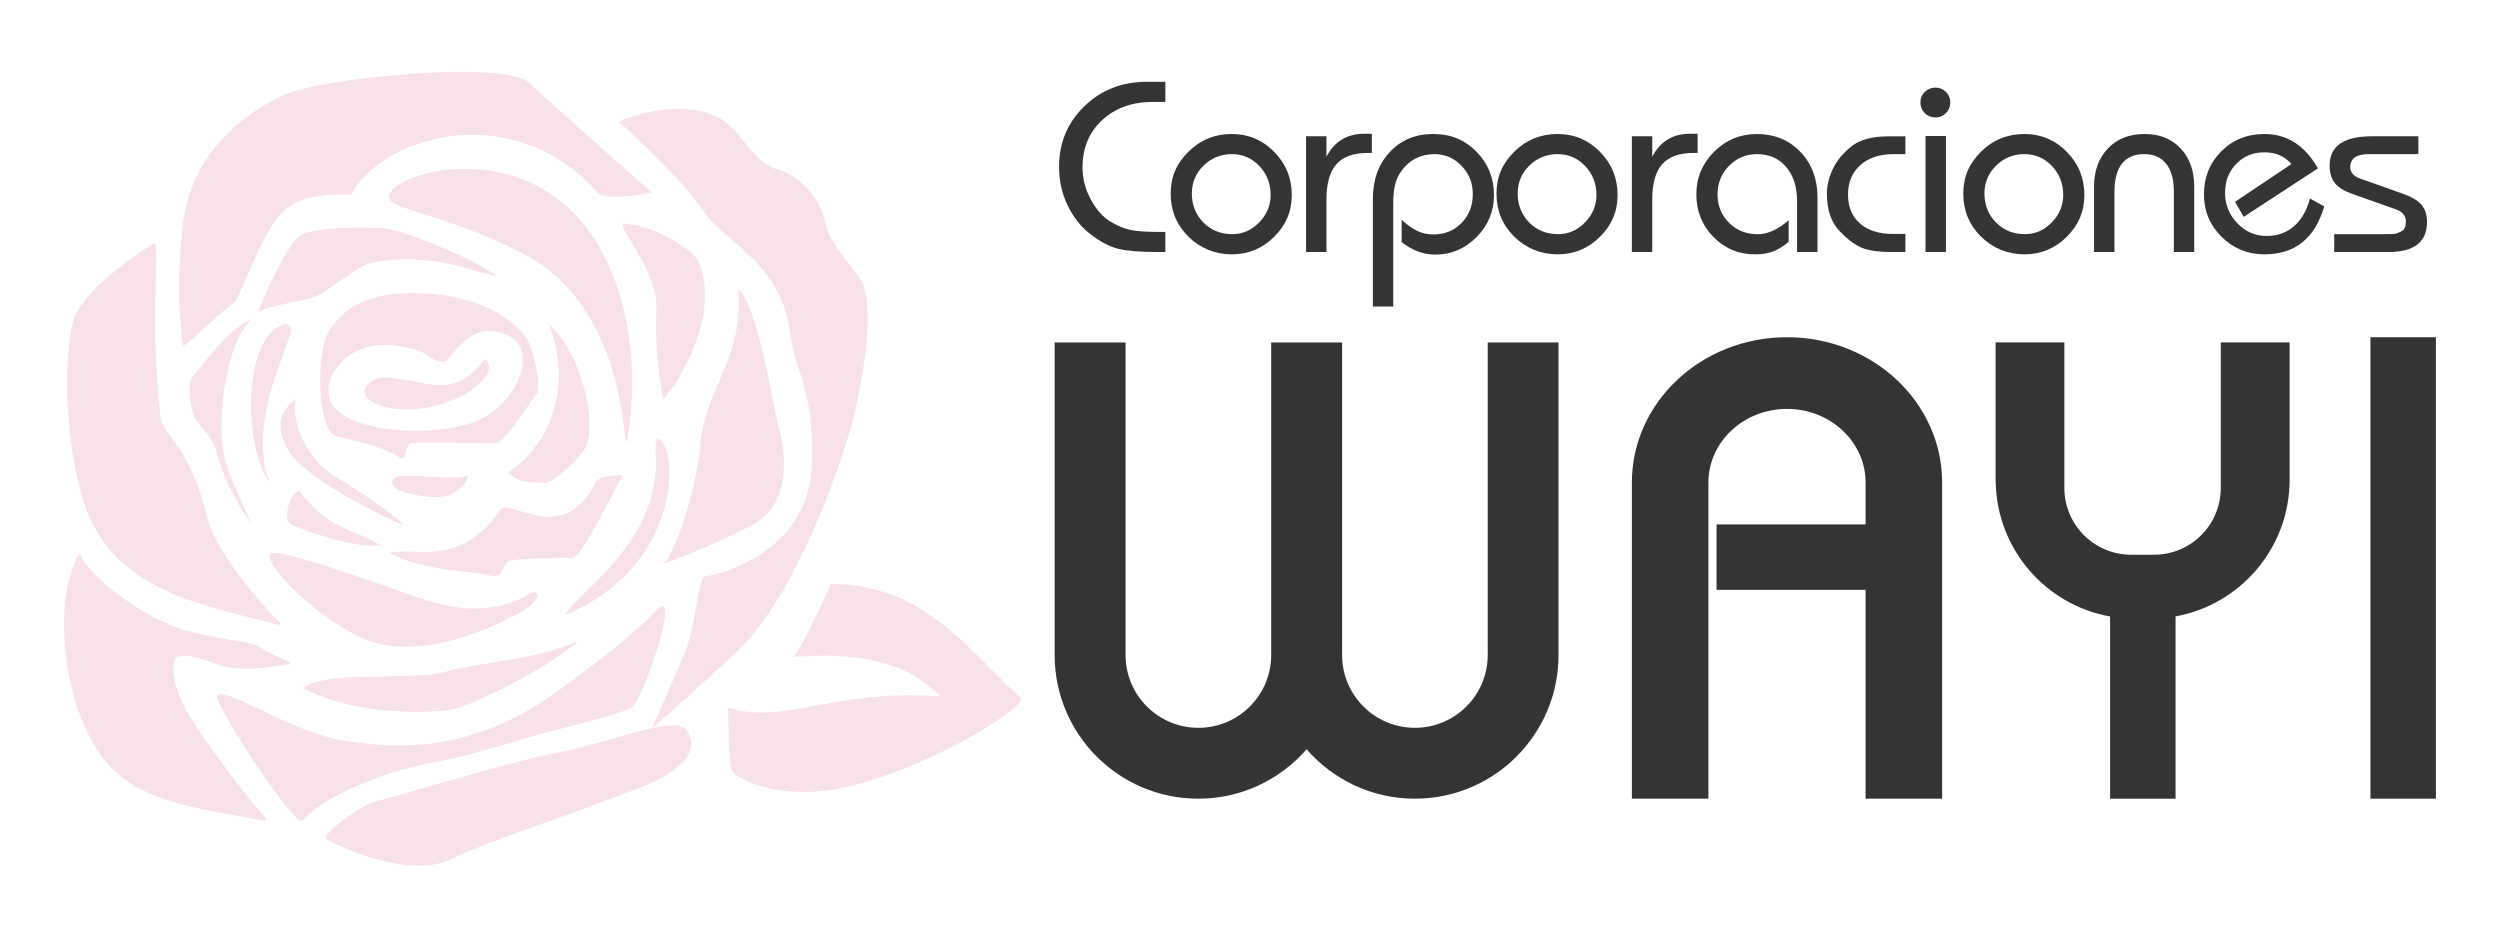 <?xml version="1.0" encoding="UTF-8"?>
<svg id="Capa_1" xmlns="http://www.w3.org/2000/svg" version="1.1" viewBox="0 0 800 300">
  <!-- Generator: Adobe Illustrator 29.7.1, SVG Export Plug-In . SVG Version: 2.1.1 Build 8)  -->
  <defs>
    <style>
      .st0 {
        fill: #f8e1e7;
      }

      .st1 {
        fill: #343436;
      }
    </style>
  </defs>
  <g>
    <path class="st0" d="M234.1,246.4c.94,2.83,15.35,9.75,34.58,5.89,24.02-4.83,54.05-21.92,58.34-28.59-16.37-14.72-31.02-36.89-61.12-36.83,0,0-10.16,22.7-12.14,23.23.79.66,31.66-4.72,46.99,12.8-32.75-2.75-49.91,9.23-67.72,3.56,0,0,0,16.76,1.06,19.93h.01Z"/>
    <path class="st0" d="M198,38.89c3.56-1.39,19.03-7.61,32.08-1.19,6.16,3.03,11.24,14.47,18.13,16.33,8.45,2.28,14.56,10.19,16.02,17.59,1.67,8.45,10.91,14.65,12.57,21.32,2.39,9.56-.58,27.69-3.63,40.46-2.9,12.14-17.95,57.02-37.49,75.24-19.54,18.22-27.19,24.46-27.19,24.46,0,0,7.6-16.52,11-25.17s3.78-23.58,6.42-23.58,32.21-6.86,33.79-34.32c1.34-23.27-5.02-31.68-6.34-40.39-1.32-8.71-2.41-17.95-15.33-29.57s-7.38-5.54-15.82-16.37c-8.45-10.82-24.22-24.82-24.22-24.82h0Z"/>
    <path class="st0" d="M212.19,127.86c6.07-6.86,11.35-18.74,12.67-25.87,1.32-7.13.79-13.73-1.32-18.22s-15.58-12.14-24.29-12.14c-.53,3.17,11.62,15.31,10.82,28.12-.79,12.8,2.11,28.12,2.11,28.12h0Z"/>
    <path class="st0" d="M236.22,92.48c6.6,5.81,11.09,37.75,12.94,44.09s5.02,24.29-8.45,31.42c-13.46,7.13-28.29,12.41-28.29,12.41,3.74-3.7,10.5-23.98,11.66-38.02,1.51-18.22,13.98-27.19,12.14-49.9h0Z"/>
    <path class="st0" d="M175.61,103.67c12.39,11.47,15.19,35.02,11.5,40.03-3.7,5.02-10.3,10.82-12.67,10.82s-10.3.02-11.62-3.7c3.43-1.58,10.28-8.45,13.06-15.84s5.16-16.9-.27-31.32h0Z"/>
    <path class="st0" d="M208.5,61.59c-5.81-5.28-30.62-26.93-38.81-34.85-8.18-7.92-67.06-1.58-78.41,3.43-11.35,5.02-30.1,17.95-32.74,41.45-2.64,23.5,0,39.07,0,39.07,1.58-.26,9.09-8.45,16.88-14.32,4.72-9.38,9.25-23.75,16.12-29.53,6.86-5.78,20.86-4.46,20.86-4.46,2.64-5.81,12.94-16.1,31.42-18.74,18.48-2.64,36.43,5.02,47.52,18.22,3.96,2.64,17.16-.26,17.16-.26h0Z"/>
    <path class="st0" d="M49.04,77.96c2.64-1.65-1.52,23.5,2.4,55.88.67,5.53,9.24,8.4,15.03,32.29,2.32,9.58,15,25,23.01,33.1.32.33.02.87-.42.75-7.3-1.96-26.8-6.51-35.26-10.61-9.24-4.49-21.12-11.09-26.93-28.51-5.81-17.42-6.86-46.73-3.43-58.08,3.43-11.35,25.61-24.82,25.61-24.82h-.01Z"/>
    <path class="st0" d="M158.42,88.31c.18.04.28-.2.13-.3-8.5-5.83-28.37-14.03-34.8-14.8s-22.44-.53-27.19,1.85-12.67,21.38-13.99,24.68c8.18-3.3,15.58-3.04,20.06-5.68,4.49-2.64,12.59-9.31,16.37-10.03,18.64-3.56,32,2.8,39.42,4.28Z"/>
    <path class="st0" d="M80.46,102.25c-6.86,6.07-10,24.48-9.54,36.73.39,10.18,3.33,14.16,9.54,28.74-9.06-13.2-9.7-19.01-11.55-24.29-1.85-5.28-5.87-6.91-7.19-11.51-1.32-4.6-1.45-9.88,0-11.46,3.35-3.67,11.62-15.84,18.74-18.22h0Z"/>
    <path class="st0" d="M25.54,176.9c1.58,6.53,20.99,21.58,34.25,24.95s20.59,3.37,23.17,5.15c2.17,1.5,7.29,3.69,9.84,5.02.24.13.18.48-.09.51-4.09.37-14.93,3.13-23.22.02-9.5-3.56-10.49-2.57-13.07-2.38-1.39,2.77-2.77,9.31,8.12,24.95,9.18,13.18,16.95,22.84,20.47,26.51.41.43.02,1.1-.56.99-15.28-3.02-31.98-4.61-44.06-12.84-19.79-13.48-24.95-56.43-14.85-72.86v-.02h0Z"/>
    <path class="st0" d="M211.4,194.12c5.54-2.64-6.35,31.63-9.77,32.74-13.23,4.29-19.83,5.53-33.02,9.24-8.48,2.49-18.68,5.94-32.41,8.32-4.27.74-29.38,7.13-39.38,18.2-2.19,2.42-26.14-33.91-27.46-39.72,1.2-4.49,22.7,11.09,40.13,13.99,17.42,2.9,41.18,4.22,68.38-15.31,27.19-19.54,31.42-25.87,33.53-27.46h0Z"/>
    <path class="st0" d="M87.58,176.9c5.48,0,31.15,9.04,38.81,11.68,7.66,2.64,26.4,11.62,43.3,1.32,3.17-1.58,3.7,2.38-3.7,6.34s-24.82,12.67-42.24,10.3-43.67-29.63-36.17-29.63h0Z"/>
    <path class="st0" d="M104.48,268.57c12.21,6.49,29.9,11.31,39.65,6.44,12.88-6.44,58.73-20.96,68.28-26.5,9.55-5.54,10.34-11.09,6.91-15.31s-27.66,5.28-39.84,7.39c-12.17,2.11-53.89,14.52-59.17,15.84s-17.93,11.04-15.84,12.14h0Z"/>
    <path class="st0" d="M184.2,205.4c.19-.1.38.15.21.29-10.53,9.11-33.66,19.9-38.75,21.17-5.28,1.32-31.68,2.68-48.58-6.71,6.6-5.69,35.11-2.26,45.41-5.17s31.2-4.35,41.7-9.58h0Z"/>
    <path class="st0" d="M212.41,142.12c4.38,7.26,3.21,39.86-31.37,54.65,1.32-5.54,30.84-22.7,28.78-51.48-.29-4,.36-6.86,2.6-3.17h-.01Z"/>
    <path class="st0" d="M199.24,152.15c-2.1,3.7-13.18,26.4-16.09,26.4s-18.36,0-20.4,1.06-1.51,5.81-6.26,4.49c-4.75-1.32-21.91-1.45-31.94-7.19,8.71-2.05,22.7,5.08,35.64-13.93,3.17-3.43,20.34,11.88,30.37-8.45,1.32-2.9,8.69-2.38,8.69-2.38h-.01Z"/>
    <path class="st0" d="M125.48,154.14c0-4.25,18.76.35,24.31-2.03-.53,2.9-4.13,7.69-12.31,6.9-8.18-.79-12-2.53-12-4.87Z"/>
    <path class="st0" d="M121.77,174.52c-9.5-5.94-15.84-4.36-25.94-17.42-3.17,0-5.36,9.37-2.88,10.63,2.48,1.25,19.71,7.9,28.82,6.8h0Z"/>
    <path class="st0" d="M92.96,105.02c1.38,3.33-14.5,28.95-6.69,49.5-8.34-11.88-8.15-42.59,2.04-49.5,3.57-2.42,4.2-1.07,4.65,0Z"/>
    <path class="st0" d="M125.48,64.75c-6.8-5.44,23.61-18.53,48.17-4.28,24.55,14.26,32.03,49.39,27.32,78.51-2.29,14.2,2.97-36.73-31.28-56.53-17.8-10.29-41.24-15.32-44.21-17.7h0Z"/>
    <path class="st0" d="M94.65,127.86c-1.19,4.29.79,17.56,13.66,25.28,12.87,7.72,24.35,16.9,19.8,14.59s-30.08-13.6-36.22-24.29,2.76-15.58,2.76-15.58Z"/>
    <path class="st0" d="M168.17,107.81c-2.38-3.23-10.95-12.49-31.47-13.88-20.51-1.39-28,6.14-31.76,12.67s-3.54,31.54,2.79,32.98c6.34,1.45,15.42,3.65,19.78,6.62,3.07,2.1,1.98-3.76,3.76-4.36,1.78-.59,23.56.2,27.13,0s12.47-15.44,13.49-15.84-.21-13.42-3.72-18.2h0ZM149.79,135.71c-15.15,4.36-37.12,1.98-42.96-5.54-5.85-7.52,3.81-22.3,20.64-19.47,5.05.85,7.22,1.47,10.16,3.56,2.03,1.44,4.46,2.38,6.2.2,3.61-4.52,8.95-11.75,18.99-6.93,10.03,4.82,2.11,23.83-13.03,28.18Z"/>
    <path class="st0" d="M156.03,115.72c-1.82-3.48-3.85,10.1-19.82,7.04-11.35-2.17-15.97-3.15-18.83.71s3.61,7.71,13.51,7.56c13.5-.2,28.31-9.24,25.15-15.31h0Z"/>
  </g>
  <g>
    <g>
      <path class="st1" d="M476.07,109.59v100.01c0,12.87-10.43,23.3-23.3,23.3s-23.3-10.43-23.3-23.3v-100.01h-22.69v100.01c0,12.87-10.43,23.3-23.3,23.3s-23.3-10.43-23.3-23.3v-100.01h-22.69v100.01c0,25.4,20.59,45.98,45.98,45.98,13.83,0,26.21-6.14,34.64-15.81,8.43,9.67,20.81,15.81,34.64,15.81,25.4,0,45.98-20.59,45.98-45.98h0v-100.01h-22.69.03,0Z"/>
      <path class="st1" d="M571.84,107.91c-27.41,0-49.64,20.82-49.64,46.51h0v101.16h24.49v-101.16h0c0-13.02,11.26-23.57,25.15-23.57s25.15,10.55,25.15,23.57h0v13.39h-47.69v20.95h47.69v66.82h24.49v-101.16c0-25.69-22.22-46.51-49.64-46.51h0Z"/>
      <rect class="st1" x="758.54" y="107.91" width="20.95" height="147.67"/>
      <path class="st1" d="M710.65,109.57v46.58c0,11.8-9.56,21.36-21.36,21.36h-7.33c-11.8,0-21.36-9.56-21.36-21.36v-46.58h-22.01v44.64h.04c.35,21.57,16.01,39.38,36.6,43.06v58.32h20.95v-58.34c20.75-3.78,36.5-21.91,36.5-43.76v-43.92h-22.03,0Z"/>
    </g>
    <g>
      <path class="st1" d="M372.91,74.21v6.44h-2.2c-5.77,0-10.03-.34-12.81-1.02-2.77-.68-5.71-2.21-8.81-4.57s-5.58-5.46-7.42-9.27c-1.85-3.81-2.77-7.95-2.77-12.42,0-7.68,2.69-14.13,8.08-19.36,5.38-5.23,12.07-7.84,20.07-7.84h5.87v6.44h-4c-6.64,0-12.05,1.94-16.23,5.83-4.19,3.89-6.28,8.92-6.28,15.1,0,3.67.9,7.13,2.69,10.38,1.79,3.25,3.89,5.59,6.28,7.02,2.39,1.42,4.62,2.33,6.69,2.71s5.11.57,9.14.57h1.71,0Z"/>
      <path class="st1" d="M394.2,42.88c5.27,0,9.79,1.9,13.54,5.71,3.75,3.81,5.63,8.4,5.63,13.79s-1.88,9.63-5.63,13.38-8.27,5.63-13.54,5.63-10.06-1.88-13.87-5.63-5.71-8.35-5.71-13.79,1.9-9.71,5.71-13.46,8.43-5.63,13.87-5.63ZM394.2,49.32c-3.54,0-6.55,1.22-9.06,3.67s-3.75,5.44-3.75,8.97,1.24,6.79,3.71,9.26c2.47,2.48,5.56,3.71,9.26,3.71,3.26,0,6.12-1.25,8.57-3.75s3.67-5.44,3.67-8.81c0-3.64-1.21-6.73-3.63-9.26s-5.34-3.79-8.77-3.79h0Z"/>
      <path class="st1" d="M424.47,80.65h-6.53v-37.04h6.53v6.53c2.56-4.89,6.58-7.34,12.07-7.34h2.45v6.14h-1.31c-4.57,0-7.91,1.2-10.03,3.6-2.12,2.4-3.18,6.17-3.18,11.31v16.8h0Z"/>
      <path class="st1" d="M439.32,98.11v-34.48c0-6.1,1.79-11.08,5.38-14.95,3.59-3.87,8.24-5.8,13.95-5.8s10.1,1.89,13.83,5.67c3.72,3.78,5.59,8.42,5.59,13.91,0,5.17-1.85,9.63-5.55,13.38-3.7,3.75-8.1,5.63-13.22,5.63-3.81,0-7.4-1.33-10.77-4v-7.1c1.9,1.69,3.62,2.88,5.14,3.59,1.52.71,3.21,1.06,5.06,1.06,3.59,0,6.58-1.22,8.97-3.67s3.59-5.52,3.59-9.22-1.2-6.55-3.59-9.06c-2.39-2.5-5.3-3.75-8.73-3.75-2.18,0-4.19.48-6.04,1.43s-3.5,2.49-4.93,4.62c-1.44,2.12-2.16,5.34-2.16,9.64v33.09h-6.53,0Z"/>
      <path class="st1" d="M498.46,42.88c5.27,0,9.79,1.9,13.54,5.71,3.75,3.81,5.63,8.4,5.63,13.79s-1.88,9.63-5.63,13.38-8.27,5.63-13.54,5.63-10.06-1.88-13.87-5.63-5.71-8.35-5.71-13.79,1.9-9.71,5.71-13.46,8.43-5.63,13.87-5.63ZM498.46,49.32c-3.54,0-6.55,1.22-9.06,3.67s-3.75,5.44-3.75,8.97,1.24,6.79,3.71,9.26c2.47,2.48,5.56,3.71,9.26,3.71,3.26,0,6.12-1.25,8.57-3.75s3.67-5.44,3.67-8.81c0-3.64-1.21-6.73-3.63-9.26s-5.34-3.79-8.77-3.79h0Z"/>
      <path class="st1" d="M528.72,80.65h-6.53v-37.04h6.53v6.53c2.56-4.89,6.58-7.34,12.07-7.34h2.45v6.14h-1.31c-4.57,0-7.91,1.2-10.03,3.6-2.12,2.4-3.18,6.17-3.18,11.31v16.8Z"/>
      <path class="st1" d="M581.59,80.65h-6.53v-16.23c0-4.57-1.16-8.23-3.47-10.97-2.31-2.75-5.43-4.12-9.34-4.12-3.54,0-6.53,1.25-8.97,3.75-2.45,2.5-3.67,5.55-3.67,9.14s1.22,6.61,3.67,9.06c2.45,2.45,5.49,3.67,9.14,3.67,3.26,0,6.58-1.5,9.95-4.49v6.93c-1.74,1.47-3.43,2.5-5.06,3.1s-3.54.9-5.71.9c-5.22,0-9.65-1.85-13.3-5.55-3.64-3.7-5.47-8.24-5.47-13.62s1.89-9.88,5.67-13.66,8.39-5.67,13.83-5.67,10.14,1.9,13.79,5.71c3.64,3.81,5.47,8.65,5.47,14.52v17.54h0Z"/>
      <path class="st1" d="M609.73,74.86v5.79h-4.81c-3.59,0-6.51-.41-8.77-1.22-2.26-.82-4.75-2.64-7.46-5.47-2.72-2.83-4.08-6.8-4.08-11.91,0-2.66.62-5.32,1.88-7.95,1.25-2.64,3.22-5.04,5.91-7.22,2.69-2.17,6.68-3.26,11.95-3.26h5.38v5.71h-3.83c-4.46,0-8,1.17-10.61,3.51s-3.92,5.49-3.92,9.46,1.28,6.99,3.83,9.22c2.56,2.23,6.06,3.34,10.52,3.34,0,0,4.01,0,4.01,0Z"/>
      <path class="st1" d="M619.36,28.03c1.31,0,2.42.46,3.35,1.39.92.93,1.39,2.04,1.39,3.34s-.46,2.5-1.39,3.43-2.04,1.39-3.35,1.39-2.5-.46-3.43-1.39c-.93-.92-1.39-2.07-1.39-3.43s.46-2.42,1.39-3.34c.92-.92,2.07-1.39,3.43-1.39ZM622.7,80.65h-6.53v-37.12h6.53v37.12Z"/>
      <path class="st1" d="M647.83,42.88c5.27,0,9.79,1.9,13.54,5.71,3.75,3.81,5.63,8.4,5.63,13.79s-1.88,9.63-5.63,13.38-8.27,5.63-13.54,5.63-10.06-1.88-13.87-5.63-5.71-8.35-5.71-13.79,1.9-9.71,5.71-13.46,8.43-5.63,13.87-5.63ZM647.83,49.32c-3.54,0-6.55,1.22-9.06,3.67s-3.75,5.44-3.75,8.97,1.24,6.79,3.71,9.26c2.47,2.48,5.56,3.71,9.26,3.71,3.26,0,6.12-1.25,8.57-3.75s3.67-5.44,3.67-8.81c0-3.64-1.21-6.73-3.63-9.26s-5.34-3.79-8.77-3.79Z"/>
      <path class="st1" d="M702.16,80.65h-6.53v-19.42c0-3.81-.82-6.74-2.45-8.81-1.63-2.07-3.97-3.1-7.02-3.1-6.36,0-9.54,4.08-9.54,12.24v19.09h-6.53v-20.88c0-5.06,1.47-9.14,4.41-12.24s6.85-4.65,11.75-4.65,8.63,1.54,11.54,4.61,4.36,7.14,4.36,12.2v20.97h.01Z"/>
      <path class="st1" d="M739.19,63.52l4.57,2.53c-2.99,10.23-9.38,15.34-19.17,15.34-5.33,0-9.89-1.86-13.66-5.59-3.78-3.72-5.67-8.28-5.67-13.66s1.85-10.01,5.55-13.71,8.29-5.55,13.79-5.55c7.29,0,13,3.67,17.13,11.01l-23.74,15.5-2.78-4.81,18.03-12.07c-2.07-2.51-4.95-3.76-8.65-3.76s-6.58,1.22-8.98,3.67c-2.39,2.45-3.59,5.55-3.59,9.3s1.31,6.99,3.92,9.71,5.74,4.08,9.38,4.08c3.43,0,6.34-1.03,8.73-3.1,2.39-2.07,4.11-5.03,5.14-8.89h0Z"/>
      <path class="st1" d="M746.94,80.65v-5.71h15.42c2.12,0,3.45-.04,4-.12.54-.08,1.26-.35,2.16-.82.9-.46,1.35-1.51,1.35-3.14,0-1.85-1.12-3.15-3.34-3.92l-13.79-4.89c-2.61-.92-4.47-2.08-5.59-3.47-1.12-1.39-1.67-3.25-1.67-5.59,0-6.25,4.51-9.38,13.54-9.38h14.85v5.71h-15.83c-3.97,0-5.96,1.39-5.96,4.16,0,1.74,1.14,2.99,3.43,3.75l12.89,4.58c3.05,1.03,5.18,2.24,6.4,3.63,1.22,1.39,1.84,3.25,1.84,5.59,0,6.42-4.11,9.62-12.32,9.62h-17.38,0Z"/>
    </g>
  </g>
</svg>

+ + + + + + +

■ DIRECTIONS:
Your task is to reproduce exactly the lines from the start of the data above through the line containing "fill: #343436;", leaving every picture out.

■ ANSWER BOX:
 <?xml version="1.0" encoding="UTF-8"?>
<svg id="Capa_1" xmlns="http://www.w3.org/2000/svg" version="1.1" viewBox="0 0 800 300">
  <!-- Generator: Adobe Illustrator 29.7.1, SVG Export Plug-In . SVG Version: 2.1.1 Build 8)  -->
  <defs>
    <style>
      .st0 {
        fill: #f8e1e7;
      }

      .st1 {
        fill: #343436;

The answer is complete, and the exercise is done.